IIRC @cweitkamp initially configured the Crowdin config for core/add-ons with something that seemed reasonable and so far there has not been a compelling reason to make any changes to it.

It might make sense to change it if the number of translations for languages without a proofreader becomes overwhelming such that the managers cannot keep up with it.

It would also be nice if Crowdin had an option to only require accepted translations for languages that have active proofreaders.

Also note that some repos like openhab-webui use a different config that is more like what you use… though I don’t think it results in more translations or the translations being merged faster.

Nadahar · July 5, 2022, 1:57pm

I would actually have done that on several occasions already (not for translation strings though) were it not for the DCO that requires you to post your full name and e-mail online. Unfortunately, it effectively blocks me, and many others I’m sure, from contributing.

Sure, I’m just trying to give some feedback after spending some intense 24 hours or so doing little else than making openHAB translations. I’m not saying it’s terrible, but I see some potential improvements that I think will increase both the quantity and quality of translations.

My decisions for how to do things isn’t about getting translations in as fast as possible. It’s about getting the highest quality translations. I always prefer approved translations, and Crowdin will always use the approved translation if one exists. I just don’t want “inferior” translations to be approved, so I want a native speaker with some dedication to do the approvals. If that can’t be achieved, I think Crowdin’s vote system has a better chance to achieve that than managers that don’t really know the language approving “what they think looks OK”.

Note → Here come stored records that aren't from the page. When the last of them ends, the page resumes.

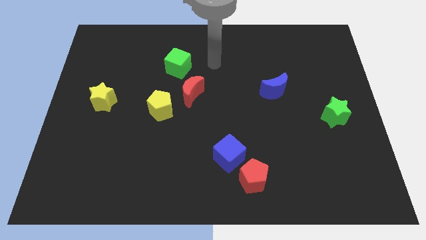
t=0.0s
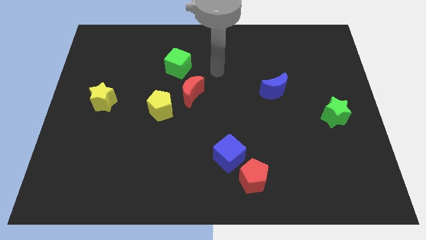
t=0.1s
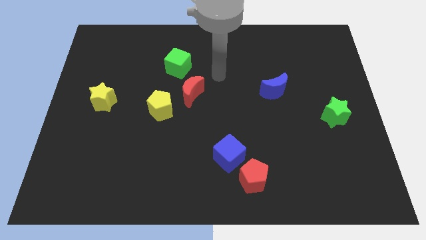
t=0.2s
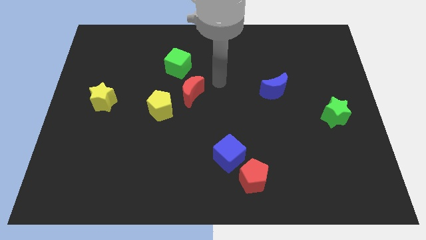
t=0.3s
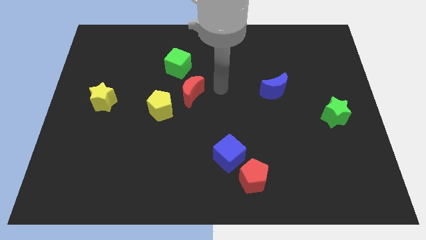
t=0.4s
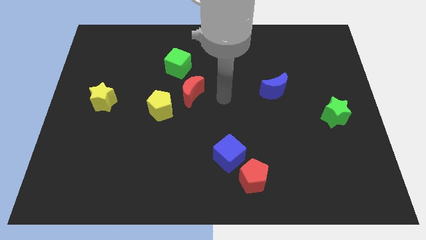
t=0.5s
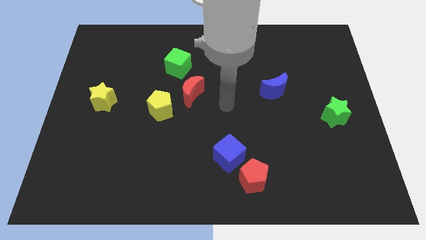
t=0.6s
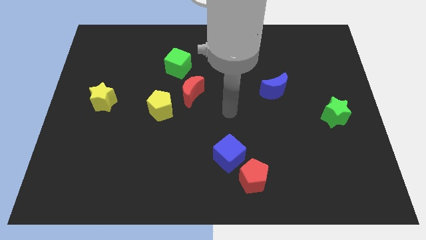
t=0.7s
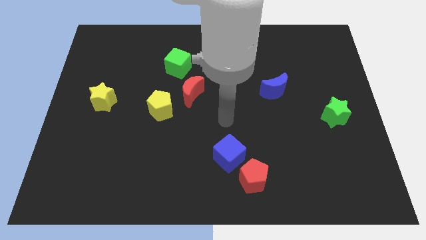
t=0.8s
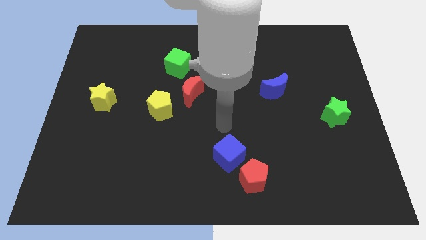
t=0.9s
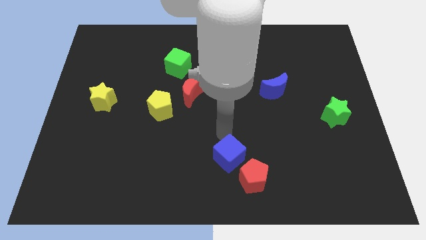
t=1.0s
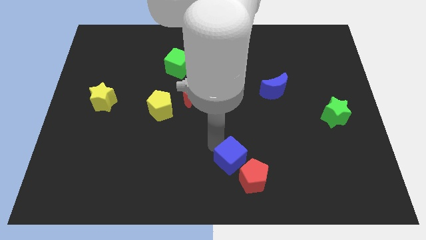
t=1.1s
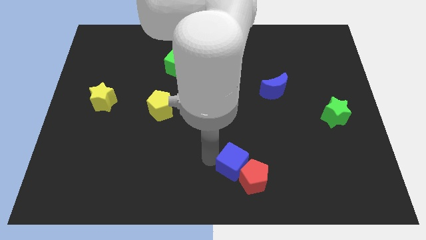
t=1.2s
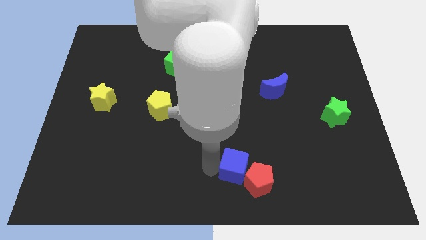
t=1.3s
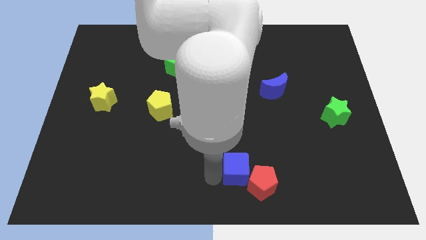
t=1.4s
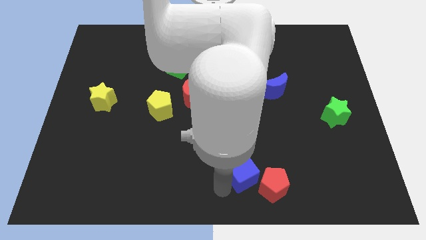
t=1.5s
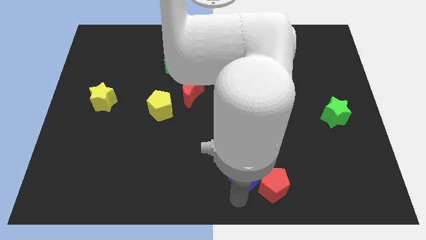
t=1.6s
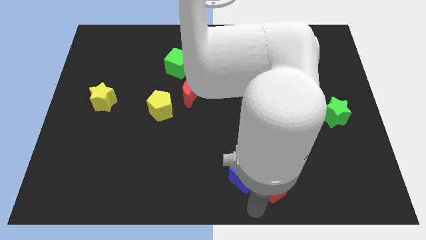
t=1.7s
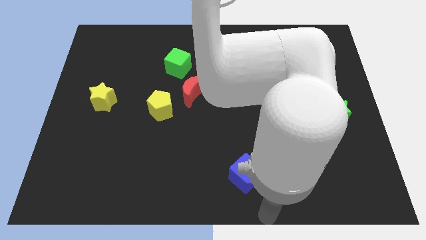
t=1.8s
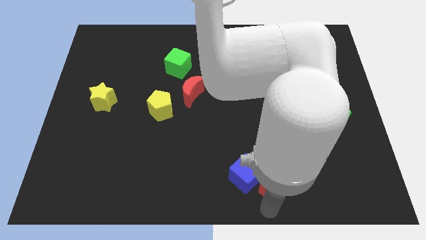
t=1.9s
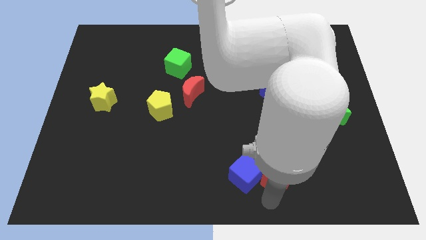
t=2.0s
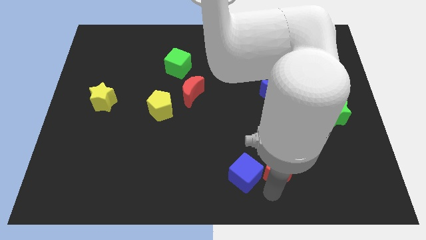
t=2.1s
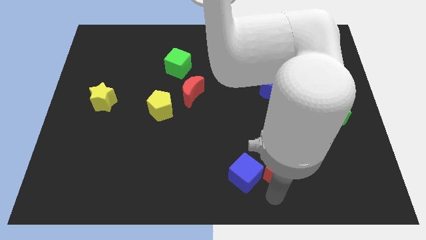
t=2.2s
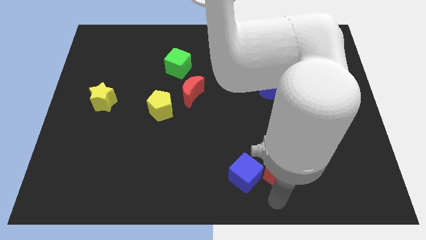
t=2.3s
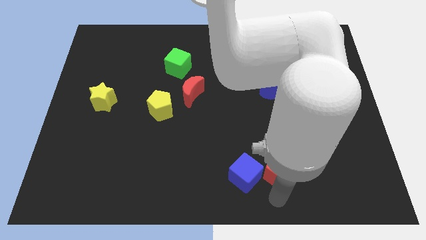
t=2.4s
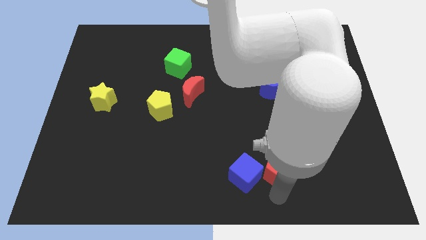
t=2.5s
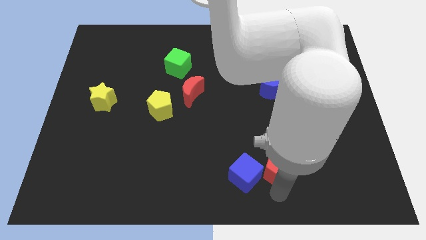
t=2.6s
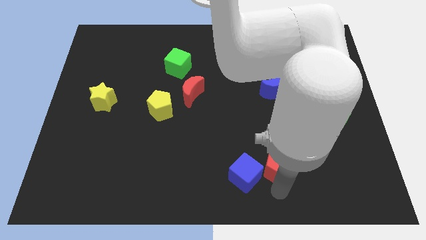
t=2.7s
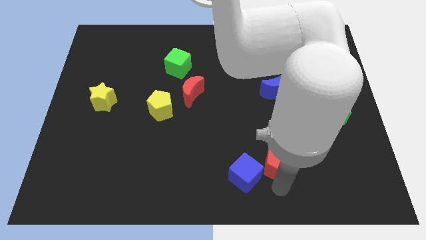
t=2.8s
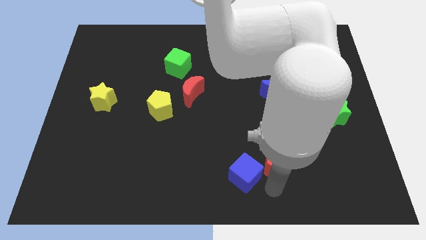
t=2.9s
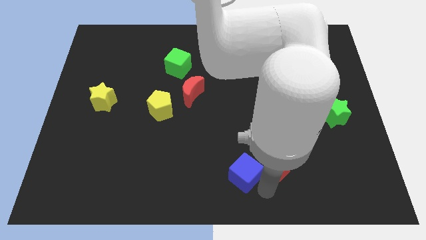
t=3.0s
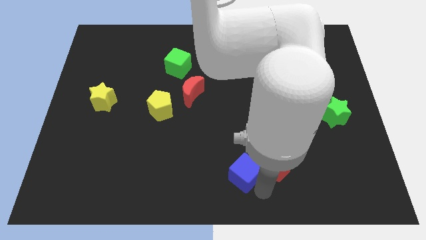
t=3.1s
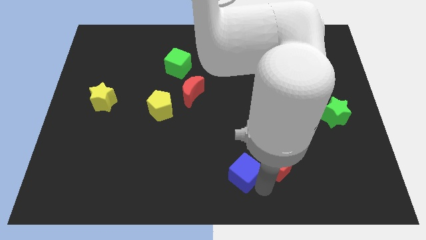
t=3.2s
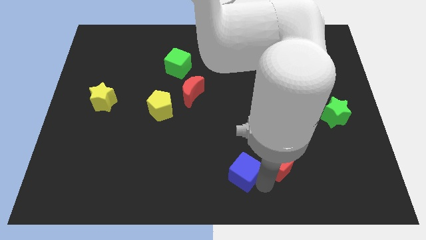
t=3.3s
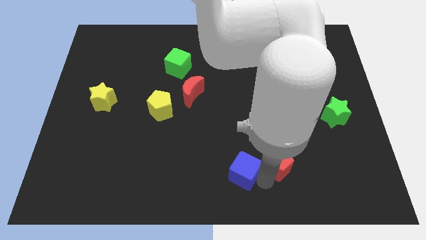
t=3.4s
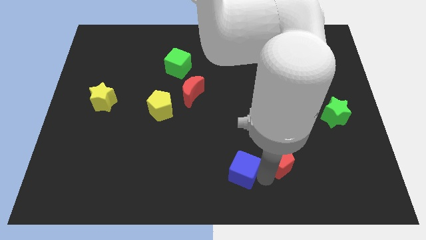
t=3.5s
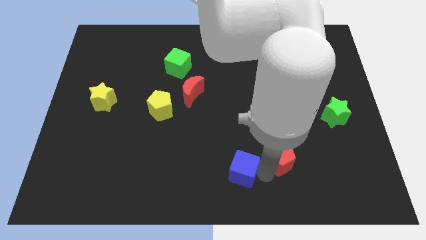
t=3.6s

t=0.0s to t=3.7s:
slightly move the red pentagon up and to the right diagonally

wborn · July 5, 2022, 2:12pm

If it is just about changing caps/typos, that would fall into the small patch exception category:

There are several exceptions to the signing requirement. Currently these are:

Your patch fixes spelling or grammar errors.

Your patch is a single line change to documentation.

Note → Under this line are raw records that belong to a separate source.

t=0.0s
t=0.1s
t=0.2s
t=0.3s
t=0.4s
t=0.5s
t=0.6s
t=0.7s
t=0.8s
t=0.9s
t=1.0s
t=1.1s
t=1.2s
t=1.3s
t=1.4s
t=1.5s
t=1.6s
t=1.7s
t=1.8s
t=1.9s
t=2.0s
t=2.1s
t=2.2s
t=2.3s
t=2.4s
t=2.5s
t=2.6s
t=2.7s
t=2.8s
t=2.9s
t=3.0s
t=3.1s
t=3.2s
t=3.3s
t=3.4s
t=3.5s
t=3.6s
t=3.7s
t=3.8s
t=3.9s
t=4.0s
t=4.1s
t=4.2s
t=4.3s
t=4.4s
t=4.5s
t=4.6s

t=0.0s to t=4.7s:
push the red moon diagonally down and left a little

Nadahar · July 5, 2022, 2:14pm

OK, I wasn’t aware of that. I’ve just generally had to accept that I can’t contribute, and has long since removed the “openHAB version of Eclipse” etc.

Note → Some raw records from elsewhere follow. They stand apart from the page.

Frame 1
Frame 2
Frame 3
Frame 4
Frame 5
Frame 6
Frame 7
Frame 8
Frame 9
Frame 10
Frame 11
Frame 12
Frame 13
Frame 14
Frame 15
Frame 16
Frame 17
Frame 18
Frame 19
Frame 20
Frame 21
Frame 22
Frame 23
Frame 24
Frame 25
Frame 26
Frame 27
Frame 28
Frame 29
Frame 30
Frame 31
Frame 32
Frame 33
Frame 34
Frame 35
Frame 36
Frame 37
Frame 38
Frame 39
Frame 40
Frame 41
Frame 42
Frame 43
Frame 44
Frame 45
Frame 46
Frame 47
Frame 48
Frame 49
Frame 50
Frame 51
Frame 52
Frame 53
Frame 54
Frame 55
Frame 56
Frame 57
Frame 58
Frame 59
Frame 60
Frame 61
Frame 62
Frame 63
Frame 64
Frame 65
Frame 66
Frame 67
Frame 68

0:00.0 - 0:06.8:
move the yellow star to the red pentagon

Nadahar · July 5, 2022, 7:31pm

I just made this:

github.com/openhab/openhab-android

Remove untranslatable string from strings.xml

openhab:main ← Nadahar:Fix

opened 07:27PM - 05 Jul 22 UTC

Nadahar

+3 -9

There is one string in `strings.xml` where there's nothing to translate. I see t…hat you have added some explanatory context, but I argue that it doesn't really help a translator much in this case. What exactly should a translator do? Replace the colon? It's very hard for a translator to know what the consequences of that would be, and I don't know if there's a language where such a change would even be viable. I see it instead as an "obstacle" that confuse translators. Not a big deal by itself, but many small streams... I have never seen Kotlin code before, and have absolutely no idea about its syntax. I don know Java well though, and this change was simple enough that I gave it a shot. I managed to get it running on an emulator in Android Studio, although I didn't figure out how to trigger using that exact string. At least it's compiling/running. I made this as a consequence of [this post](https://community.openhab.org/t/general-translation-directives/109812/9), but I see now that even this tiny change exceeds the [tiny patch exception](https://www.openhab.org/docs/developer/contributing.html#small-patch-exception), so it probably will never be merged even if you happen to agree with the change itself. I'll let it stay for a little while anyway, since I've already done it, so that one of you can use it as a "guide" to make the same change if you so wish.

However, it’s apparent to me that even this tiny change goes beyond the “small patch exception”. So, while this was a waste of time, it serves as a good example of the unreasonableness of the whole DCO arrangement. I’d like to see that lawsuit that I could win by claiming copyright over the code with such a change…

hmerk · July 5, 2022, 7:45pm

No, absolutely not.
Yes, checks show that DCO failed, but this is because it cannot be configured with exceptions.
Maintainers can and will override the failed DCO check in such cases.
So don‘t worry, it was no waste of time.